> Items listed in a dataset

►

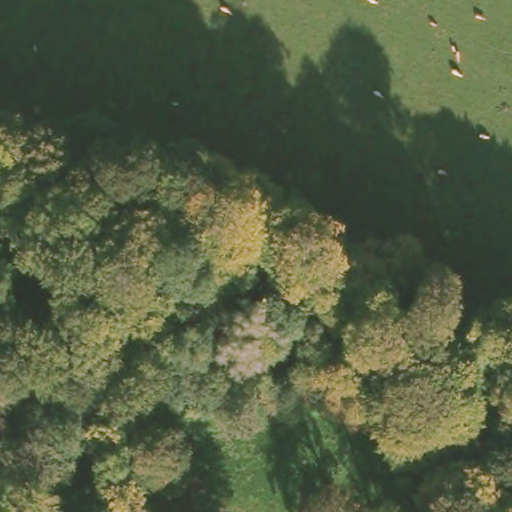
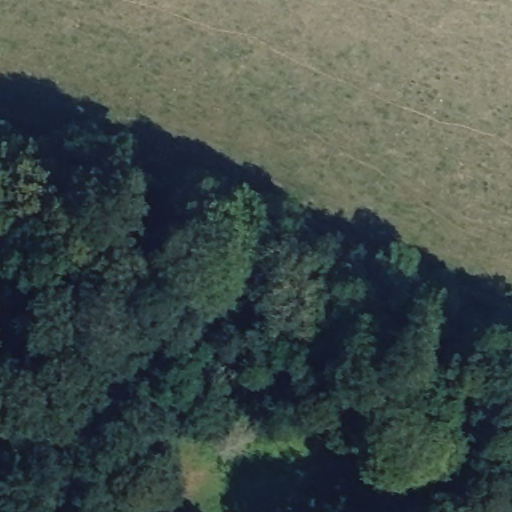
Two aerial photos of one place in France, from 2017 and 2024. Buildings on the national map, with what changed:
[]

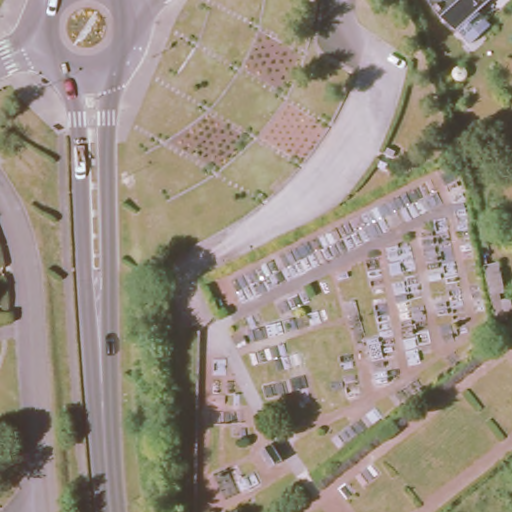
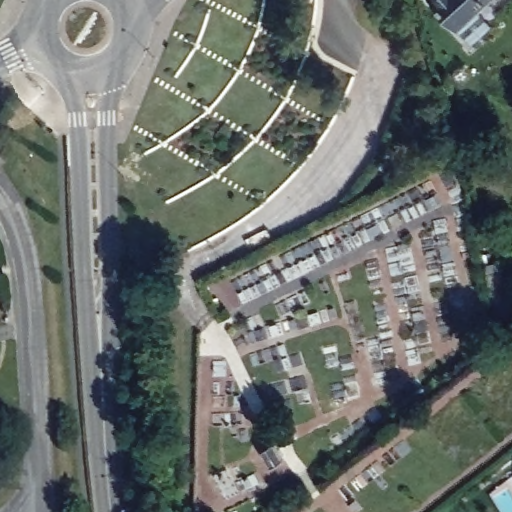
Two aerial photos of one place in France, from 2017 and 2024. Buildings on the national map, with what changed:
unchanged [(428,0),(483,0),(447,26),(428,0)]
unchanged [(495,302),(494,293),(490,274),(504,271),(508,291),(503,293),(505,300),(495,302)]

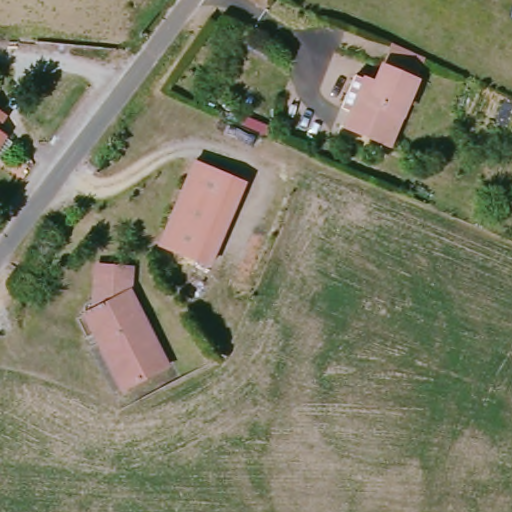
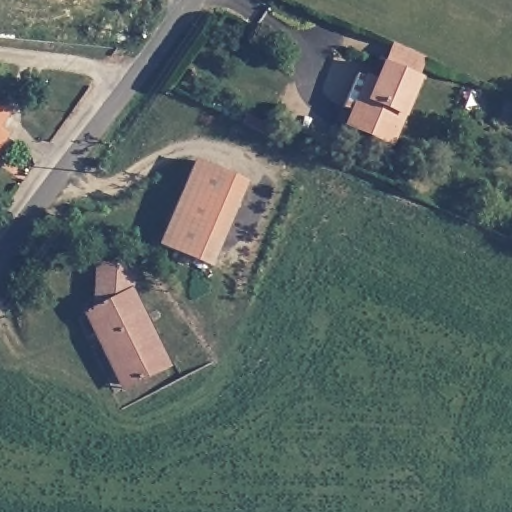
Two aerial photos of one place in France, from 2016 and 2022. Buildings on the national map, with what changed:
unchanged [(421,61),(414,79),(417,81),(388,148),(345,130),(350,115),(342,111),(356,78),(372,87),(378,72),(384,68),(392,49),(421,61)]
unchanged [(247,185),(210,270),(156,248),(192,162),(247,185)]
unchanged [(94,338),(83,316),(92,310),(98,267),(132,272),(129,291),(167,364),(128,388),(121,392),(94,338)]

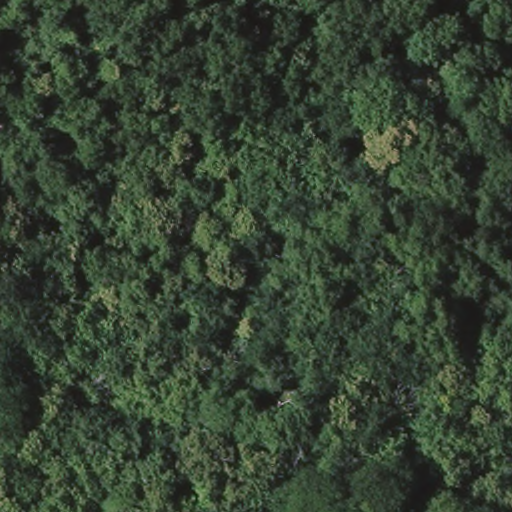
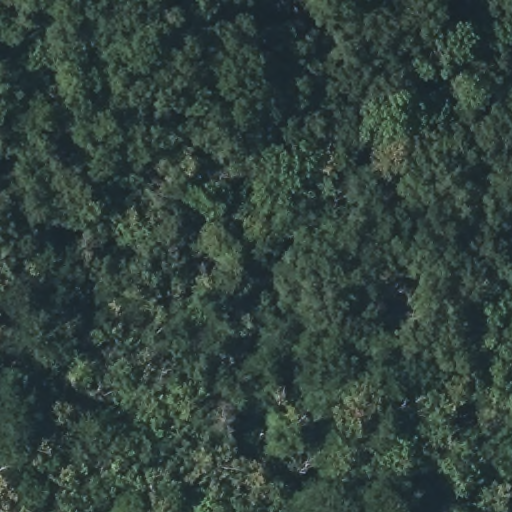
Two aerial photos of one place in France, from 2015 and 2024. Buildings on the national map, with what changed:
[]

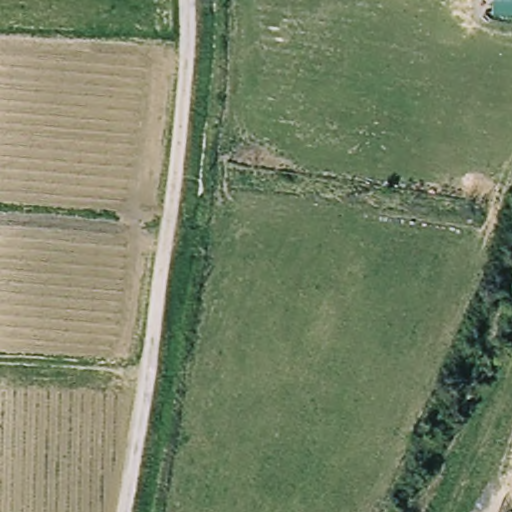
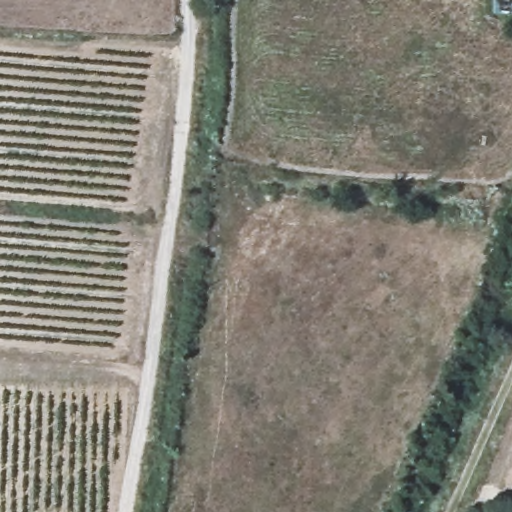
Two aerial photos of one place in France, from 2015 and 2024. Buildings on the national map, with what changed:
unchanged [(495,0),(512,0),(512,13),(494,12),(495,0)]

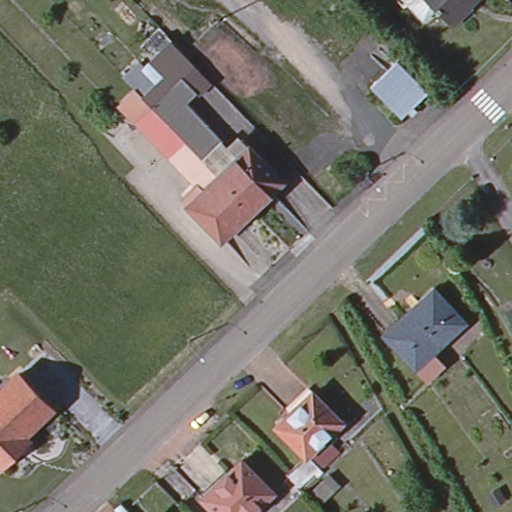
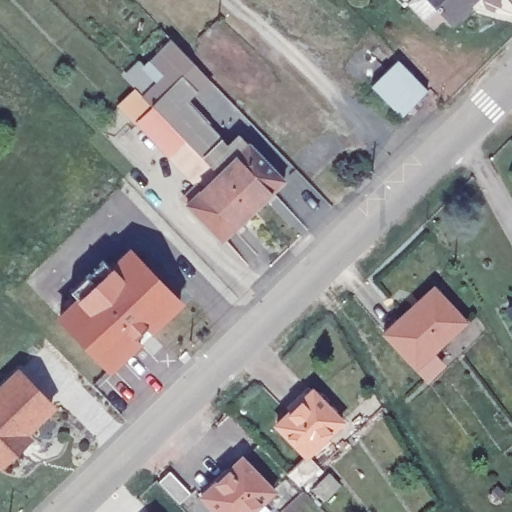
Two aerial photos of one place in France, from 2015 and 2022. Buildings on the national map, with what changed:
unchanged [(472,7),(457,21),(444,7),(442,9),(437,5),(440,2),(438,0),(474,0),(469,5),(472,7)]
unchanged [(399,57),(430,88),(404,114),(373,82),(399,57)]
unchanged [(157,148),(137,127),(121,110),(139,94),(152,108),(172,90),(193,70),(208,86),(187,106),(224,142),(232,151),(243,140),(250,147),(285,182),(254,214),(222,244),(187,208),(189,206),(184,201),(200,185),(187,170),(162,143),(157,148)]
new [(185,303),(110,373),(57,316),(78,297),(72,291),(102,261),(109,267),(130,247),(185,303)]
unchanged [(467,320),(433,353),(442,363),(429,377),(419,366),(415,368),(385,332),(434,287),(467,320)]
unchanged [(506,307),(512,304),(512,319),(506,307)]
unchanged [(29,432),(35,439),(3,469),(0,466),(0,381),(16,366),(57,407),(29,432)]
unchanged [(344,416),(308,449),(278,418),(313,385),(344,416)]
unchanged [(320,471),(317,467),(302,482),(289,467),(308,449),(320,462),(325,467),(320,471)]
unchanged [(275,491),(252,512),(218,512),(202,495),(244,457),(275,491)]

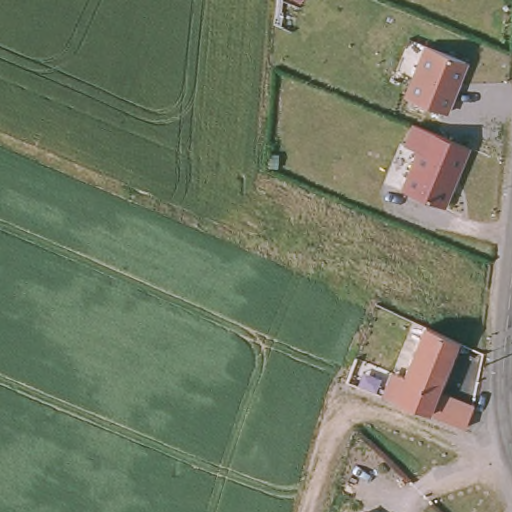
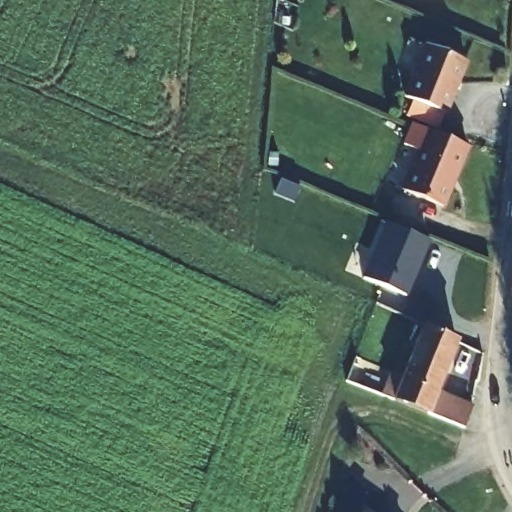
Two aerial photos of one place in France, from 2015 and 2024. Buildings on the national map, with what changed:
unchanged [(409,118),(416,101),(408,98),(430,48),(469,64),(446,114),(440,131),(409,118)]
unchanged [(442,208),(402,192),(420,152),(405,146),(415,125),(467,148),(442,208)]
new [(276,167),(267,167),(268,154),(277,154),(276,167)]
new [(370,258),(373,259),(387,224),(427,240),(404,295),(361,278),(370,258)]
unchanged [(456,343),(430,406),(458,418),(455,429),(393,403),(425,327),(456,343)]

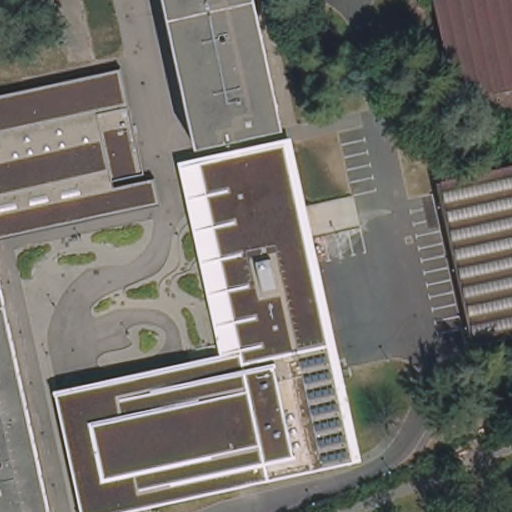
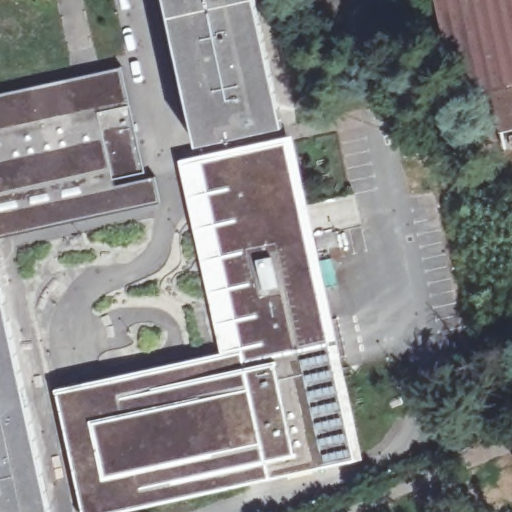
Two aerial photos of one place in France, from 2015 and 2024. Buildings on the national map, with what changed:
unchanged [(235,138),(198,146),(166,0),(256,0),(284,128),(235,138)]
unchanged [(437,0),(512,0),(512,88),(492,92),(459,99),(437,0)]
unchanged [(0,94),(119,70),(140,178),(152,176),(159,206),(0,238),(0,94)]
unchanged [(512,88),(512,131),(502,134),(492,92),(512,88)]
unchanged [(122,512),(81,512),(55,390),(223,355),(179,160),(292,138),(367,459),(122,512)]
demolished [(475,342),(439,181),(512,165),(512,333),(475,342)]
unchanged [(0,289),(48,512),(0,512),(0,289)]

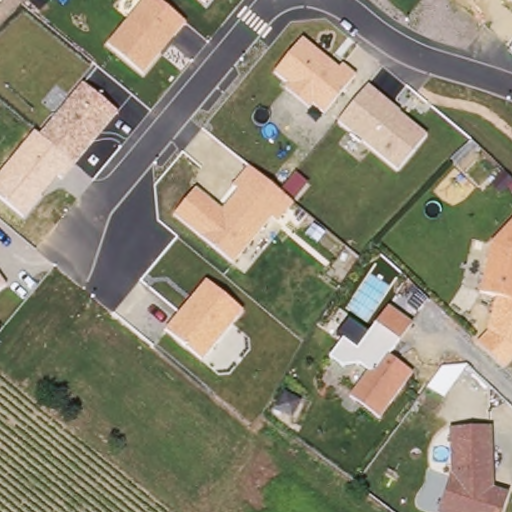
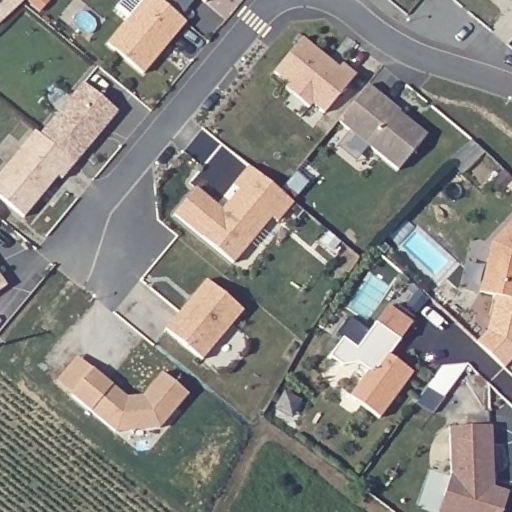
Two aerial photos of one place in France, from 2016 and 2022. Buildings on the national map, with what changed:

◄

> Exercise goal
Could every entry above be printed again exactly, images excluded?

> Completed task
Two aerial photos of one place in France, from 2017 and 2024. Buildings on the national map, with what changed:
[]

Two aerial photos of one place in France, from 2017 and 2024. Buildings on the national map, with what changed:
unchanged [(428,0),(483,0),(447,26),(428,0)]
unchanged [(495,302),(494,293),(490,274),(504,271),(508,291),(503,293),(505,300),(495,302)]

Two aerial photos of one place in France, from 2016 and 2022. Buildings on the national map, with what changed:
unchanged [(421,61),(414,79),(417,81),(388,148),(345,130),(350,115),(342,111),(356,78),(372,87),(378,72),(384,68),(392,49),(421,61)]
unchanged [(247,185),(210,270),(156,248),(192,162),(247,185)]
unchanged [(94,338),(83,316),(92,310),(98,267),(132,272),(129,291),(167,364),(128,388),(121,392),(94,338)]

Two aerial photos of one place in France, from 2015 and 2024. Buildings on the national map, with what changed:
[]

Two aerial photos of one place in France, from 2015 and 2024. Buildings on the national map, with what changed:
unchanged [(495,0),(512,0),(512,13),(494,12),(495,0)]

Two aerial photos of one place in France, from 2015 and 2022. Buildings on the national map, with what changed:
unchanged [(472,7),(457,21),(444,7),(442,9),(437,5),(440,2),(438,0),(474,0),(469,5),(472,7)]
unchanged [(399,57),(430,88),(404,114),(373,82),(399,57)]
unchanged [(157,148),(137,127),(121,110),(139,94),(152,108),(172,90),(193,70),(208,86),(187,106),(224,142),(232,151),(243,140),(250,147),(285,182),(254,214),(222,244),(187,208),(189,206),(184,201),(200,185),(187,170),(162,143),(157,148)]
new [(185,303),(110,373),(57,316),(78,297),(72,291),(102,261),(109,267),(130,247),(185,303)]
unchanged [(467,320),(433,353),(442,363),(429,377),(419,366),(415,368),(385,332),(434,287),(467,320)]
unchanged [(506,307),(512,304),(512,319),(506,307)]
unchanged [(29,432),(35,439),(3,469),(0,466),(0,381),(16,366),(57,407),(29,432)]
unchanged [(344,416),(308,449),(278,418),(313,385),(344,416)]
unchanged [(320,471),(317,467),(302,482),(289,467),(308,449),(320,462),(325,467),(320,471)]
unchanged [(275,491),(252,512),(218,512),(202,495),(244,457),(275,491)]

Two aerial photos of one place in France, from 2015 and 2024. Buildings on the national map, with what changed:
unchanged [(409,118),(416,101),(408,98),(430,48),(469,64),(446,114),(440,131),(409,118)]
unchanged [(442,208),(402,192),(420,152),(405,146),(415,125),(467,148),(442,208)]
new [(276,167),(267,167),(268,154),(277,154),(276,167)]
new [(370,258),(373,259),(387,224),(427,240),(404,295),(361,278),(370,258)]
unchanged [(456,343),(430,406),(458,418),(455,429),(393,403),(425,327),(456,343)]

Two aerial photos of one place in France, from 2015 and 2024. Buildings on the national map, with what changed:
unchanged [(235,138),(198,146),(166,0),(256,0),(284,128),(235,138)]
unchanged [(437,0),(512,0),(512,88),(492,92),(459,99),(437,0)]
unchanged [(0,94),(119,70),(140,178),(152,176),(159,206),(0,238),(0,94)]
unchanged [(512,88),(512,131),(502,134),(492,92),(512,88)]
unchanged [(122,512),(81,512),(55,390),(223,355),(179,160),(292,138),(367,459),(122,512)]
demolished [(475,342),(439,181),(512,165),(512,333),(475,342)]
unchanged [(0,289),(48,512),(0,512),(0,289)]

Two aerial photos of one place in France, from 2016 and 2022. Buildings on the national map, with what changed:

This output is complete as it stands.